Give all of the records again precisely, excluding whatever pictures they contain.

§ Stored data:

• • • • •

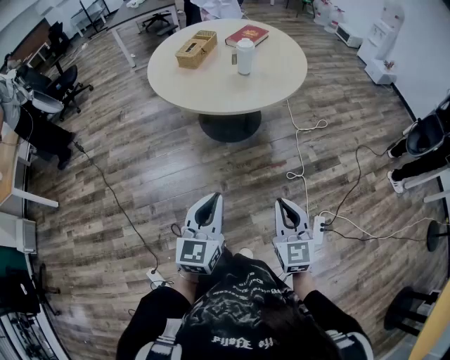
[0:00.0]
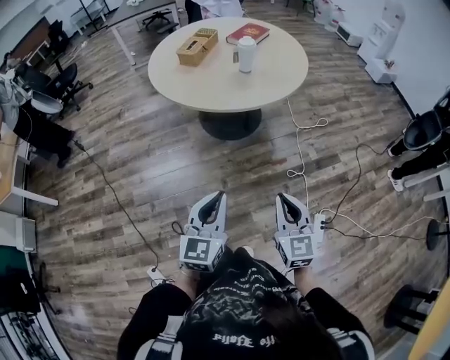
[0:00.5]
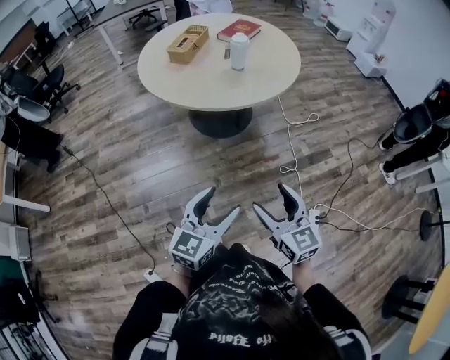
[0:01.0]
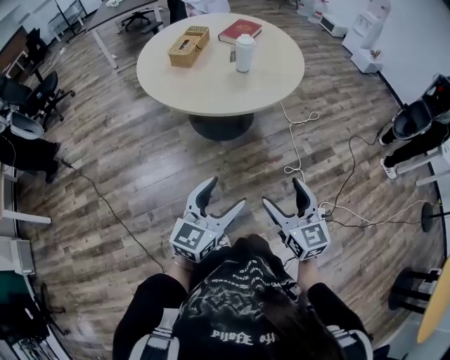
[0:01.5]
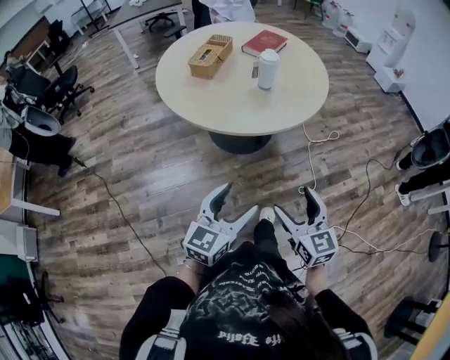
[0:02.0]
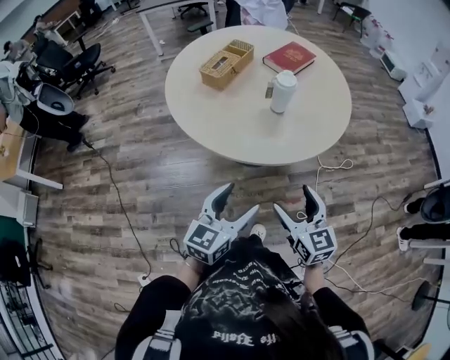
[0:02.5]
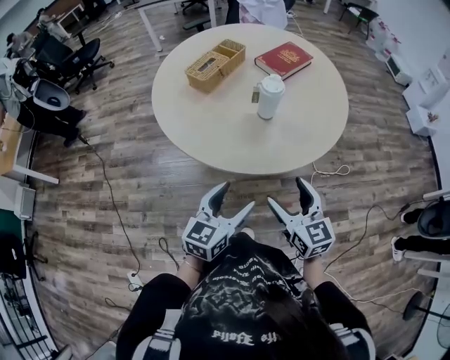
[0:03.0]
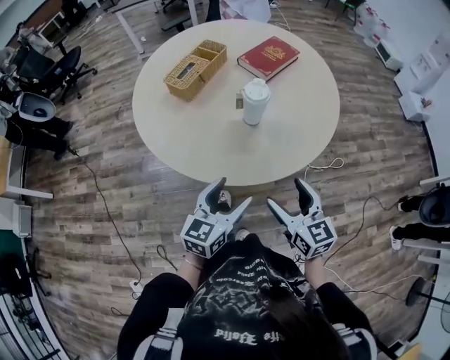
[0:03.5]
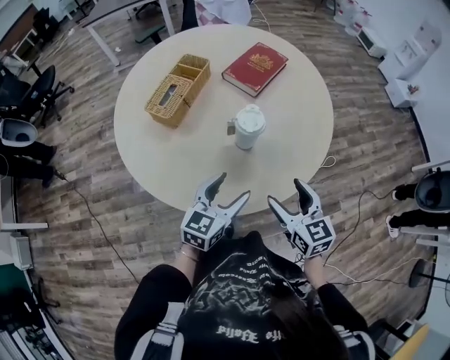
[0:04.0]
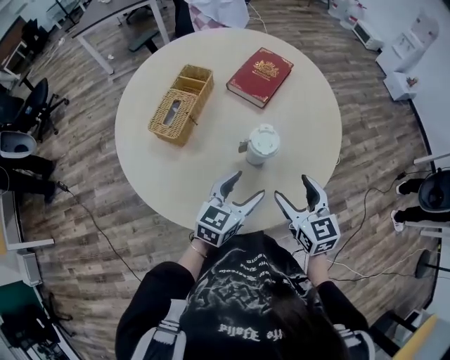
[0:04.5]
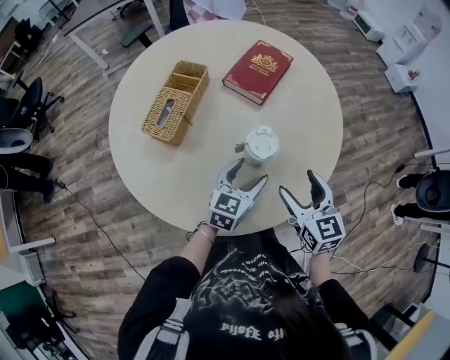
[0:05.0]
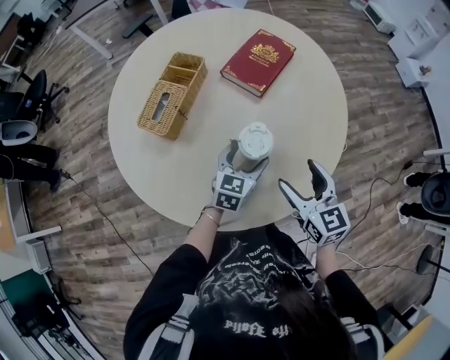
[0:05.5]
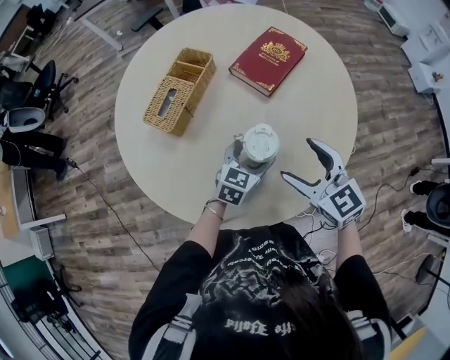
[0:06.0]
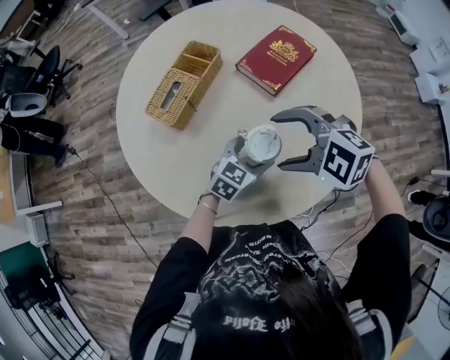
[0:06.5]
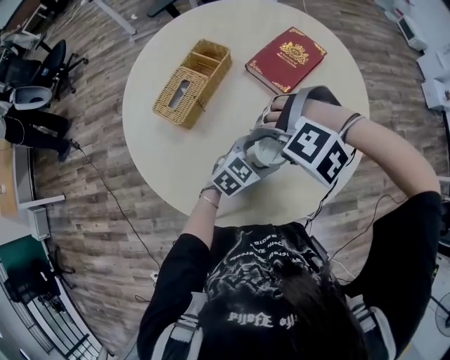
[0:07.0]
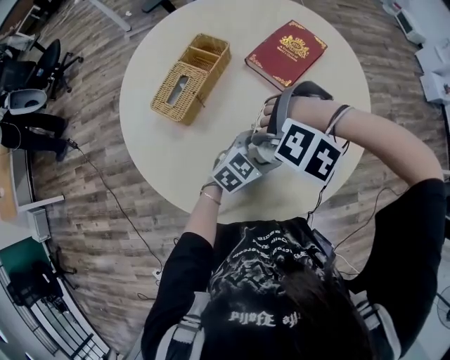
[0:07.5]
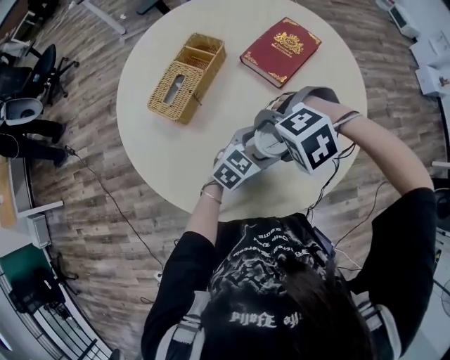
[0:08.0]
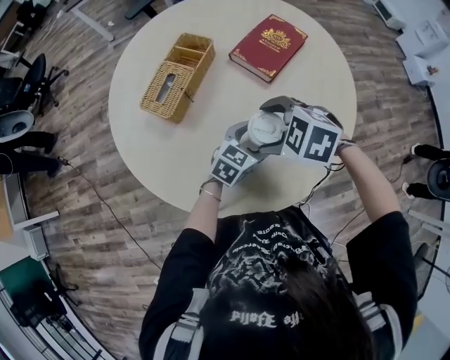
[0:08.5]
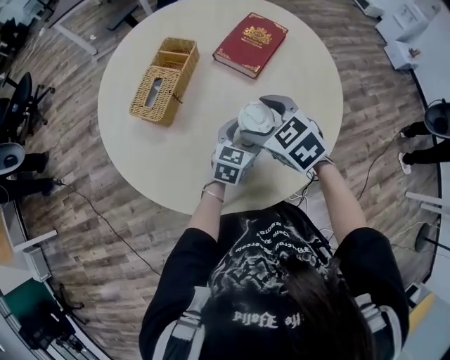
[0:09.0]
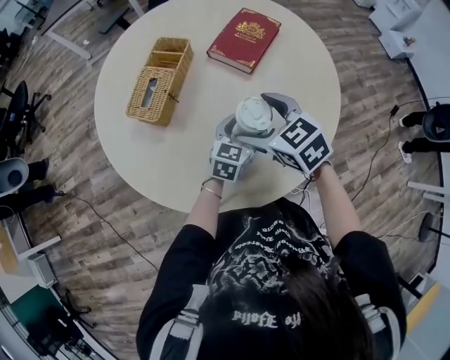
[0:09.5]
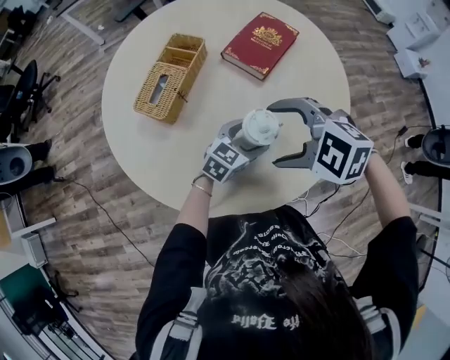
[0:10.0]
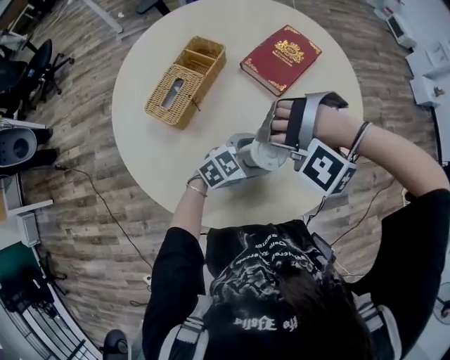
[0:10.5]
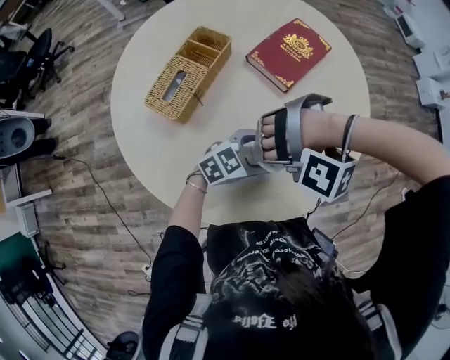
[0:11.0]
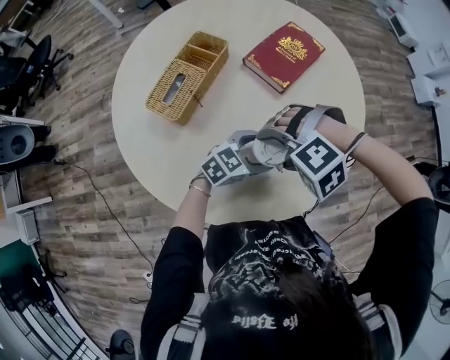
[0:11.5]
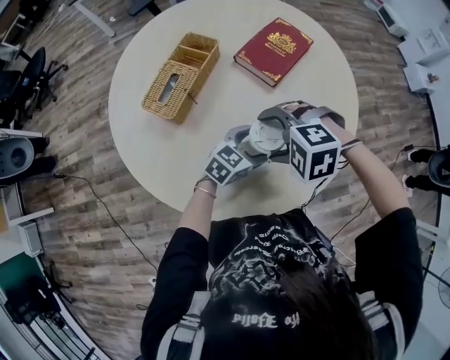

• • • • •

§ Result:
[0:00.0]
[0:00.5]
[0:01.0]
[0:01.5]
[0:02.0]
[0:02.5]
[0:03.0]
[0:03.5]
[0:04.0]
[0:04.5]
[0:05.0]
[0:05.5]
[0:06.0]
[0:06.5]
[0:07.0]
[0:07.5]
[0:08.0]
[0:08.5]
[0:09.0]
[0:09.5]
[0:10.0]
[0:10.5]
[0:11.0]
[0:11.5]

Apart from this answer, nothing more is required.